(Supplied data)
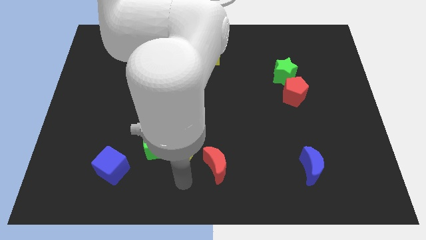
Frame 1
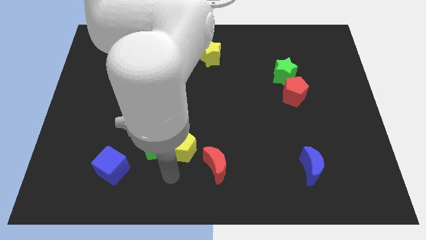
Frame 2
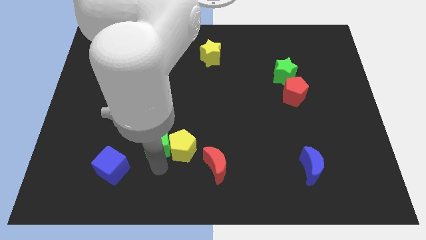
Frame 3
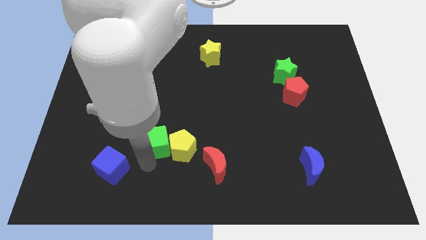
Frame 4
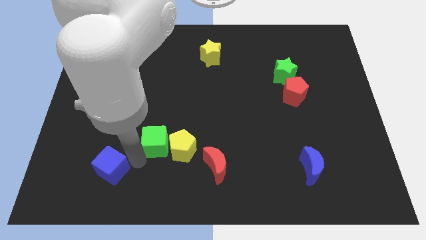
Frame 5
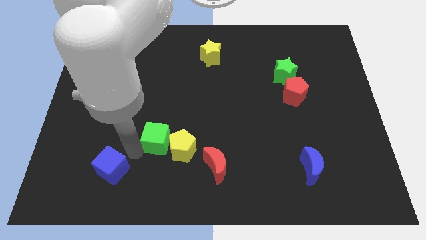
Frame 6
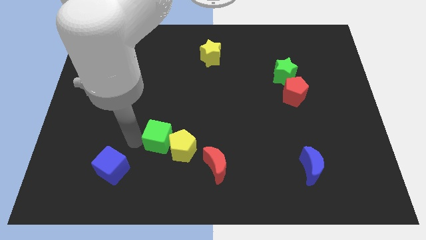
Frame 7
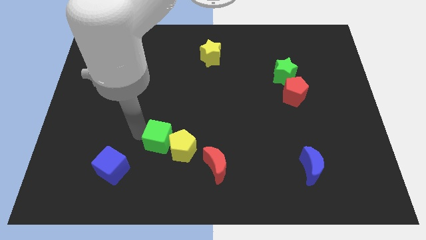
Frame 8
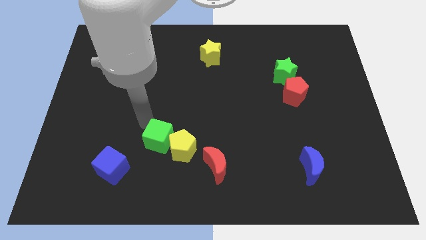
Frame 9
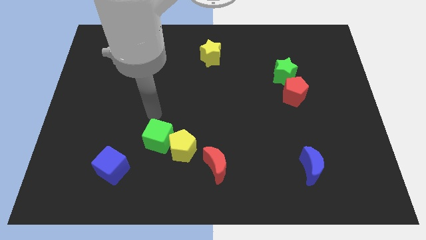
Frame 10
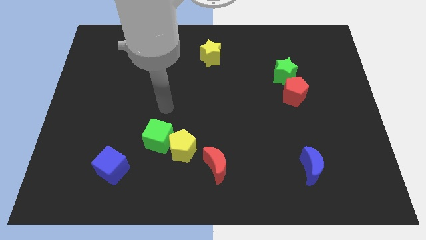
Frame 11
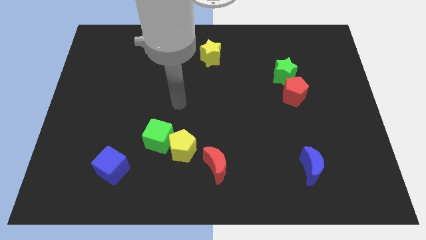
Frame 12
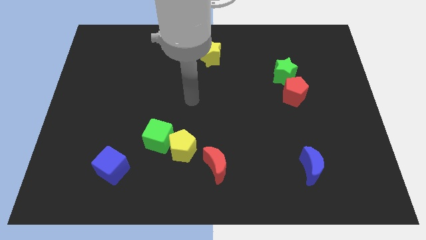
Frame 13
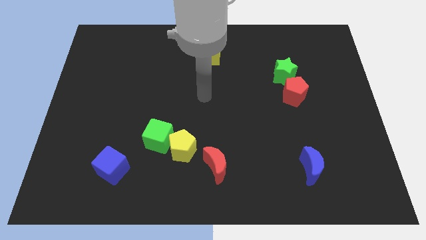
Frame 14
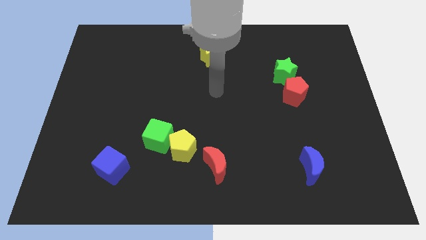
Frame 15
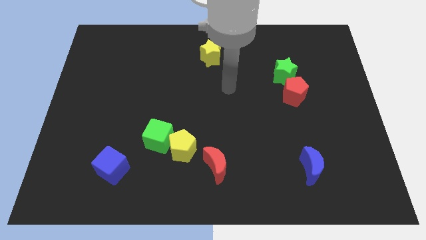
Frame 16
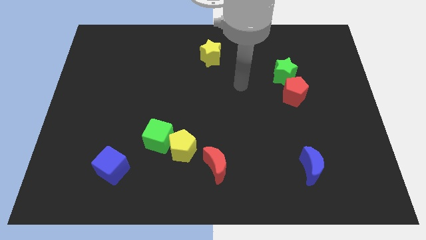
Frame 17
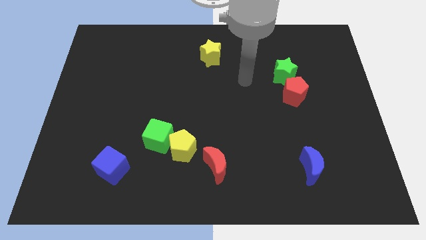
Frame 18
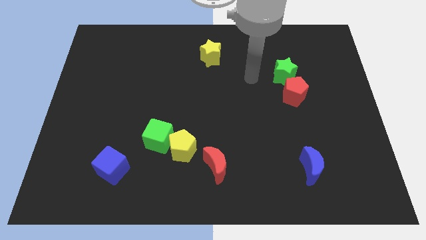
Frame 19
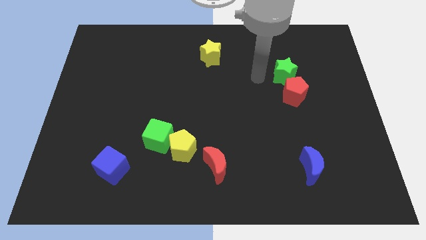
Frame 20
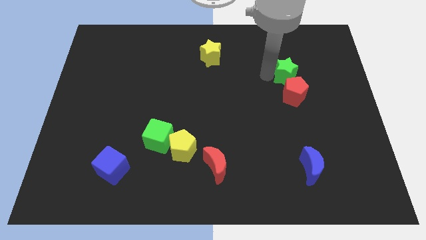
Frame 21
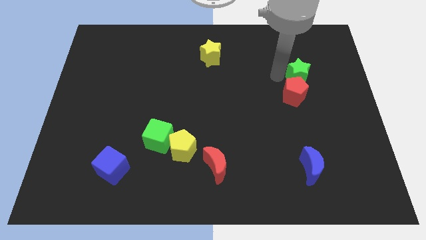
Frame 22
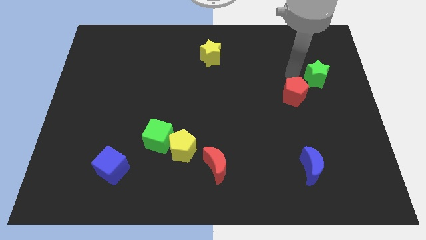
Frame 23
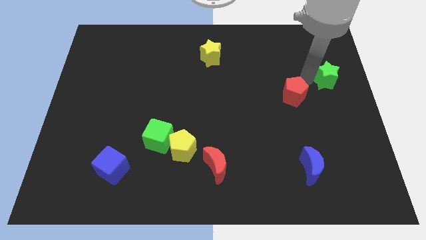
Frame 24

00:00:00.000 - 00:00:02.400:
pull the red pentagon apart from the green star

(Brief)
Apart from the pictures, every line of the data above should be given again exactly.

(Worked solution)
Frame 1
Frame 2
Frame 3
Frame 4
Frame 5
Frame 6
Frame 7
Frame 8
Frame 9
Frame 10
Frame 11
Frame 12
Frame 13
Frame 14
Frame 15
Frame 16
Frame 17
Frame 18
Frame 19
Frame 20
Frame 21
Frame 22
Frame 23
Frame 24

00:00:00.000 - 00:00:02.400:
pull the red pentagon apart from the green star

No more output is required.